Developer Lyon Group has pivoted in one of its northern Sydney projects and listed the Epping Hotel, bringing operational and redevelopment potential in a major growth corridor.
Built 1928, the large-format pub is a landmark of the area, offering a lively public bar with regular live music and gaming with 27 machines, under a late-trading 3am licence.

Weekly revenue exceeds $234k – bolstered by capital works completed earlier this year that have delivered an uplift of more than 15 per cent.
Marketing literature suggests further value-add opportunities through the repositioning of underutilised areas, including the lower first floor, and the gaming operation is ranked #243 with L&G, proximate to strong performers in the broader region.
The population of Epping is forecast to grow around 31 per cent over the coming decade. Its train station is already the eighteenth busiest railway station in the state, servicing approximately 8.78 million passengers annually.
Epping is flanked by corporate hub Macquarie Park and the Parramatta LGA, which has become one of the strongest markets in NSW, recording annual growth over the past five years of 14.1 per cent.
The Epping Hotel’s 1,350sqm site is directly opposite Epping Station and zoned E1 Local Centre, supporting commercial, retail, hospitality and community uses, with a 72-metre height limit and 6:1 floor space ratio.
The pub is owned by John Lyon’s Lyon Group, which is reportedly selling due to changing investment strategy and has separately begun a campaign for its station precinct site.

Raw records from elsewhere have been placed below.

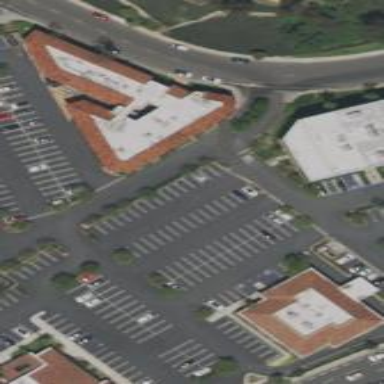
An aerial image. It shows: Commercial building.
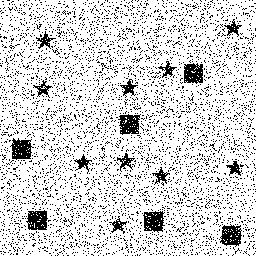
Squares: 6
Triangles: 0
Stars: 10
Total shapes: 16
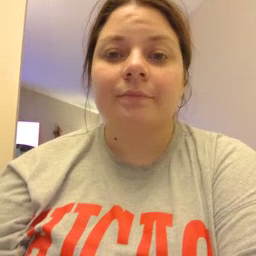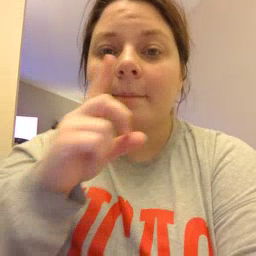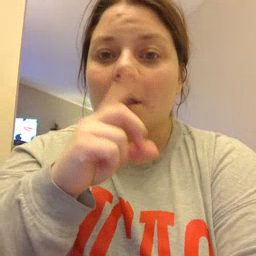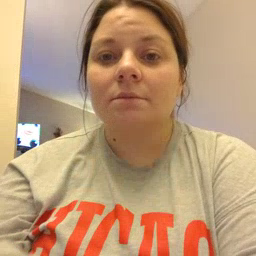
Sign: mouse
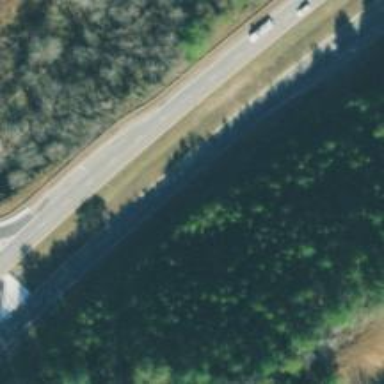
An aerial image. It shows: Asphalt road designated as trunk highway.
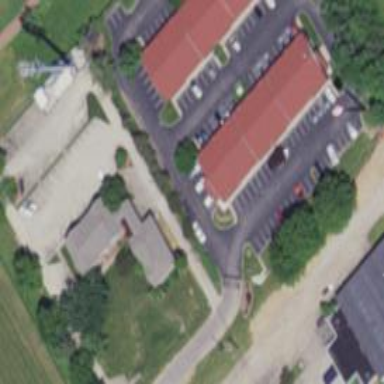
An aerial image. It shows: Hotel building.
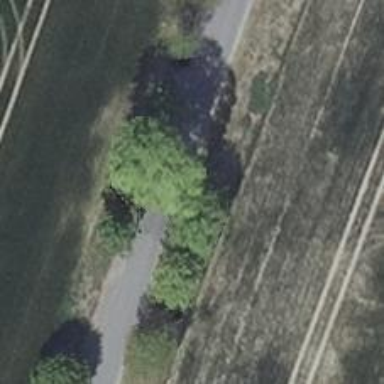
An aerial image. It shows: Row of deciduous broadleaved trees.
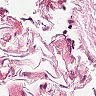
Metastatic tissue present: no
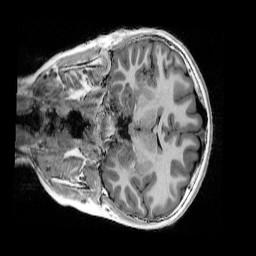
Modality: UNIT1_denoised
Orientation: coronal
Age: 11
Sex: male
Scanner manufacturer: siemens
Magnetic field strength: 3 T
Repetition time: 4 s
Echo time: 0.00303 s
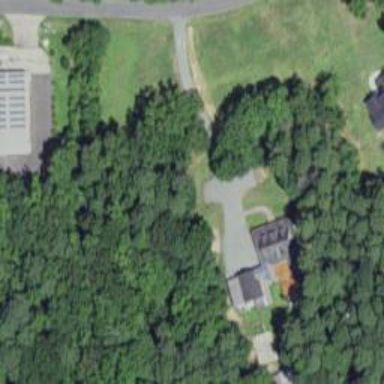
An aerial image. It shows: Driveway leading to service road.
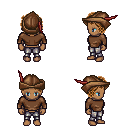
a pixel art fantasy rpg character, female body template, human, dark skin, brown long-sleeve shirt, metal pants, brown curly afro hairstyle, leather cap, four views (front, back, left, right), 2x2 character sprite sheet, small pixel art, hard edges, no anti-aliasing
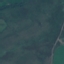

Lyon Group was the buyer of the last pub in the collection of bankrupt operator Virtical, Hotel Australasia, acquired through receivers at the start of 2025.
The Epping Hotel is expected to fetch around $50 million.
An Expressions of Interest campaign closing Friday, 31 July is being managed by JLL Hotels’ Ben McDonald and James Smithers, who say it is a “compelling metropolitan gaming hotel” opportunity.
“The scale of the underlying landholding and favourable planning controls provide investors with multiple future repositioning and development pathways, particularly given the hotel’s proximity to the Transport Oriented Development precinct,” notes McDonald.